# A Mish Mash of Questions



## DarkFireFox (Mar 20, 2011)

Hello and Good day/evening to everyone. I have several questions. most about Fur-suits and etc. As i am not an owner of one of the fine products that so many companies offer wanted to get some info. *First: As i wear glasses and could not see past the end of my snout without them-is there room in the head to be able to continue to wear them?? *this definitely would be helpful to know now. *Second: I have seen on several different Costumes that have led light up earrings and the like-some even flash with patterns. Is This A Manufacturer add-in or option or is this something that has to be done after-market? *as this looks really neat. *Third: I am looking for any Furries/Fur-suiters in and around the Erie,Pa Area to have some fashion of meet/greet outing of the like?* Just to try and get to know my local community better if any. Any direction or clarification would be very much welcomed on these. I'm sure i have other questions but just cant think of them currently. Thank you for any info you can share and the time spent.


----------



## Xegras (Mar 20, 2011)

1. Wear contacts or have the maker leave a little room if it is possible. Your vision is going to be shitty in a suit anyway so a handler is a good idea.

2. Depends on who makes your fursuit for you, there are many makers.

3. Look for a FA group for your state or area.


----------



## DarkFireFox (Mar 20, 2011)

i had thought about contacts- but the only problem there is with my screwy vison/stygmatism and such would make the lenses cost prohibitve. unless i only wore them when performing. but i hear thats a double edged sword to switch back and forth between glasses and contacts.

guess im going to have to search out which makers do offer such technology. 

and will have to look around as best i can


----------



## Mem (Mar 20, 2011)

I'm in Columbus Ohio i think thats about 4 hours away from Erie? Sorry I can't really answer any of your other questions, I'm new to fursuiting as well.


----------



## fenrirs_child (Mar 20, 2011)

1. most makers can accommodate glasses, and an option you may want to consider is finding an old set of glasses and sending them to your maker to be built INTO the head, then you know they'll fit ^^
2. a few makers work with electronics of different sorts, though i'll be f**ked if i can remember whom off hand X3
3. also try meetup.com and/or yahoo groups, those are good resources for finding local furs too ^^


----------



## DarkFireFox (Mar 20, 2011)

Mem said:


> I'm in Columbus Ohio i think thats about 4 hours away from Erie? Sorry I can't really answer any of your other questions, I'm new to fursuiting as well.

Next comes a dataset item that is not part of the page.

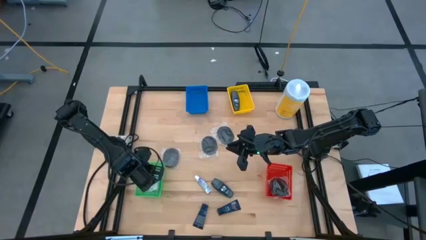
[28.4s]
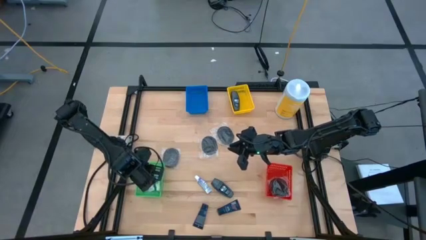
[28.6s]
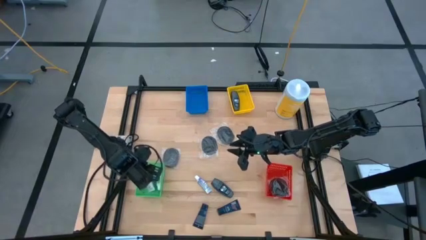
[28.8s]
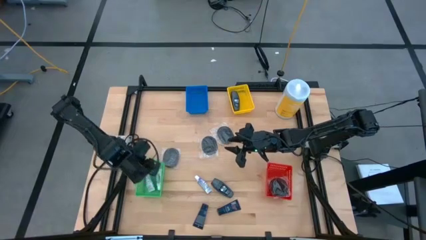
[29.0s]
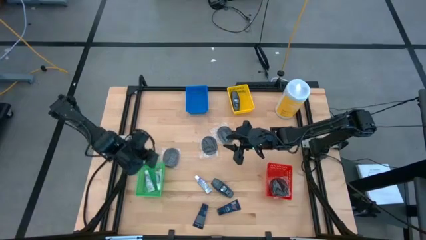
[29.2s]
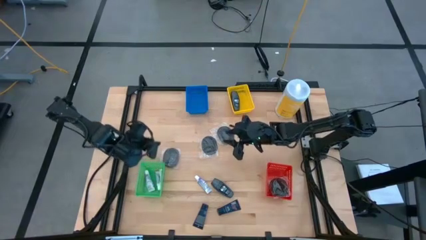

 yeah Columbus is abot 4 hours away depending on where your going there from here. and thank you for the for the time.


----------



## DarkFireFox (Mar 20, 2011)

fenrirs_child said:


> 1. most makers can accommodate glasses, and an option you may want to consider is finding an old set of glasses and sending them to your maker to be built INTO the head, then you know they'll fit ^^ ok i have a pair of work glasses that still have my current prescription in them...i dont use anymore
> 2. a few makers work with electronics of different sorts, though i'll be f**ked if i can remember whom off hand X3..thats good to know guess ill have to to some head hunting...as it were
> 3. also try meetup.com and/or yahoo groups, those are good resources for finding local furs too ^^


 and thank you much for that


----------



## Otto042 (Mar 21, 2011)

pa-furry.org

Say hi.  You're not the only one in erie I think.


----------



## DarkFireFox (Mar 23, 2011)

Otto042 said:


> pa-furry.org
> 
> Say hi.  You're not the only one in erie I think.



i will do so indeed thank you much


----------